I’m not experienced about python, so if there is any wrong in my words, just tell me. If your file hierarchy arranged like this:
project\
module_1.py
module_2.py
module_1.py
defines a function called func_1()
, module_2.py:
from module_1 import func_1
def func_2():
func_1()
if __name__ == '__main__':
func_2()
and you run python module_2.py
in cmd, it will do run what func_1()
defines. That’s usually how we import same hierarchy files. But when you write from .module_1 import func_1
in module_2.py
, python interpreter will say No module named '__main__.module_1'; '__main__' is not a package
. So to fix this, we just keep the change we just make, and move both of the module to a package, and make a third module as a caller to run module_2.py
.
project\
package_1\
module_1.py
module_2.py
main.py
main.py:
from package_1.module_2 import func_2
def func_3():
func_2()
if __name__ == '__main__':
func_3()
But the reason we add a .
before module_1
in module_2.py
is that if we don’t do that and run main.py
, python interpreter will say No module named 'module_1'
, that’s a little tricky, module_1.py
is right beside module_2.py
. Now I let func_1()
in module_1.py
do something:
def func_1():
print(__name__)
that __name__
records who calls func_1. Now we keep the .
before module_1
, run main.py
, it will print package_1.module_1
, not module_1
. It indicates that the one who calls func_1()

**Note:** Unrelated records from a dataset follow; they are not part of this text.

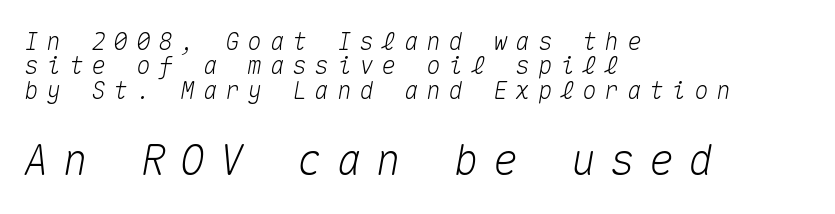
The image shows 42 px text type, italic (leaning right), monospaced; set left-aligned, tight line spacing (1.02x), unusually wide letter spacing (+0.33 em), not underlined; the second (bottom) block is 1.75x larger; medium stroke contrast and a medium x-height.
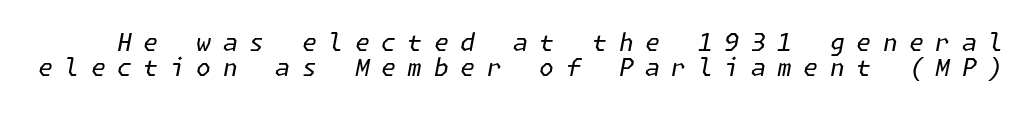
Q: Is the text bold? A: No.
Q: Is the text italic (slanted)? A: Yes, it leans right by about 11 degrees.
Q: Is the text underlined? A: No.
Q: Is the spacing between letters normal or unusually wide? A: Unusually wide.
Q: Is the spacing between lines tight, normal or loose? A: Tight.
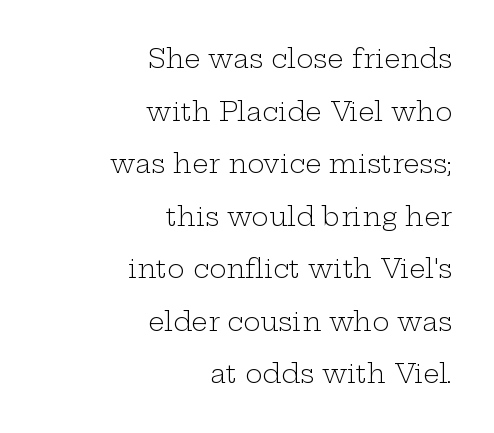
Q: Is the text bold? A: No.
Q: Is the text italic (slanted)? A: No, it is upright.
Q: Is the text underlined? A: No.
Q: How is the paragraph aligned? A: Right-aligned.
Q: Is the spacing between letters normal or unusually wide? A: Normal.
Q: Is the spacing between lines tight, normal or loose? A: Loose.
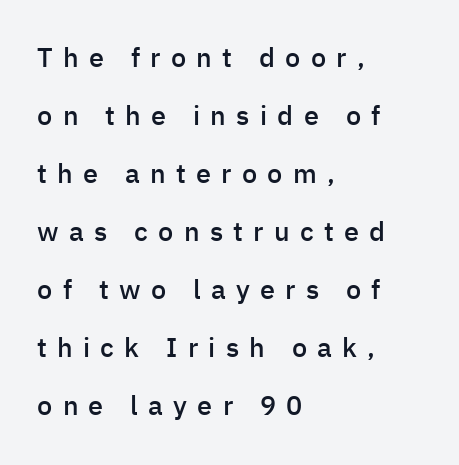
Layout note: lines flush left. This sample trades compactness for vertical openness between lines. The sample has been set in demibold, a notch under bold. The letters are spread apart with noticeably loose tracking.
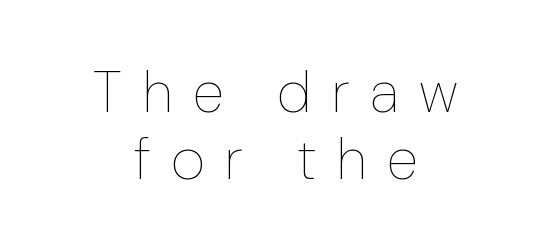
{"italic": "no", "bold": "no", "weight": "thin", "width": "normal", "stroke_contrast": "low", "x_height": "medium", "monospaced": "no", "underline": "no", "align": "center", "line_spacing": "tight", "line_spacing_ratio": 1.15, "letter_spacing": "wide", "letter_spacing_em": 0.35, "glyph_px": 58}
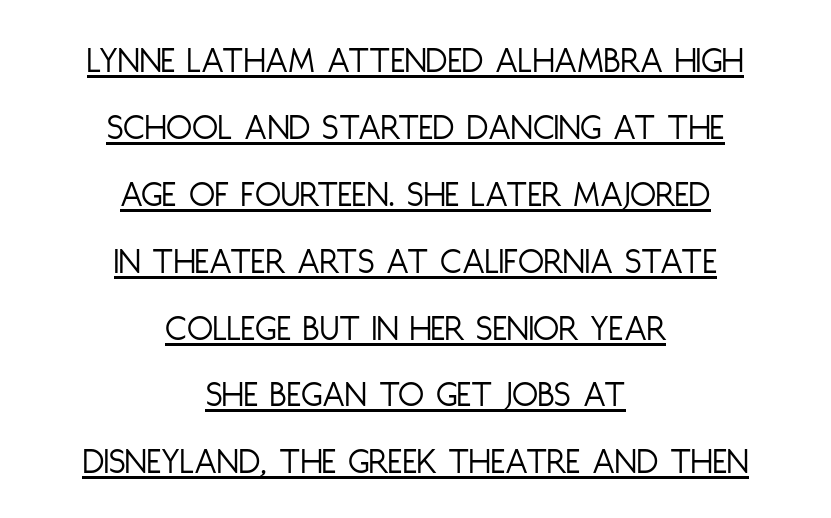
Q: Is the text bold? A: No.
Q: Is the text italic (slanted)? A: No, it is upright.
Q: Is the typeface a serif or a sans-serif typeface? A: Sans-serif.
Q: Is the text underlined? A: Yes.
Q: How is the paragraph aligned? A: Centered.
Q: Is the spacing between letters normal or unusually wide? A: Normal.
Q: Width (condensed, normal, or wide)? A: Condensed.
Q: Stroke contrast? A: Low.
Q: x-height? A: Large.
Q: Monospaced? A: No.

is at the same hierarchy as main.py
, the .
imply that module_1
is at the same hierarchy as module_2.py
itself. So if there isn’t a dot, main.py
will recognize module_1
at the same hierarchy as itself, it can recognize package_1
, but not what “under” it.
Now let’s make it a bit complicated. You have a config.ini
and a module defines a function to read it at the same hierarchy as ‘main.py’.
project\
package_1\
module_1.py
module_2.py
config.py
config.ini
main.py
And for some unavoidable reason, you have to call it with module_2.py
, so it has to import from upper hierarchy.module_2.py:
import ..config
pass
Two dots means import from upper hierarchy (three dots access upper than upper,and so on). Now we run main.py
, the interpreter will say:ValueError:attempted relative import beyond top-level package
. The “top-level package” at here is main.py
. Just because config.py
is beside main.py
, they are at same hierarchy, config.py
isn’t “under” main.py
, or it isn’t “leaded” by main.py
, so it is beyond main.py
. To fix this, the simplest way is:
project\
package_1\
module_1.py
module_2.py
config.py
config.ini
main.py
I think that is coincide with the principle of arrange project file hierarchy, you should arrange modules with different function in different folders, and just leave a top caller in the outside, and you can import how ever you want.
回答 20
这也可行,并且比使用该sys
模块的任何事情都要简单得多:
with open("C:/yourpath/foobar.py") as f:
eval(f.read())
This also works, and is much simpler than anything with the sys
module:
with open("C:/yourpath/foobar.py") as f:
eval(f.read())
回答 21
称我过于谨慎,但我想让我的便携式计算机更加便携,因为假设文件始终位于每台计算机上的同一位置是不安全的。我个人的代码首先查找文件路径。我使用Linux,所以我的看起来像这样:
import os, sys
from subprocess import Popen, PIPE
try:
path = Popen("find / -name 'file' -type f", shell=True, stdout=PIPE).stdout.read().splitlines()[0]
if not sys.path.__contains__(path):
sys.path.append(path)
except IndexError:
raise RuntimeError("You must have FILE to run this program!")
当然,除非您计划将它们打包在一起。但是,在这种情况下,您实际上并不需要两个单独的文件。
Call me overly cautious, but I like to make mine more portable because it’s unsafe to assume that files will always be in the same place on every computer. Personally I have the code look up the file path first. I use Linux so mine would look like this:
import os, sys
from subprocess import Popen, PIPE
try:
path = Popen("find / -name 'file' -type f", shell=True, stdout=PIPE).stdout.read().splitlines()[0]
if not sys.path.__contains__(path):
sys.path.append(path)
except IndexError:
raise RuntimeError("You must have FILE to run this program!")
That is of course unless you plan to package these together. But if that’s the case you don’t really need two separate files anyway.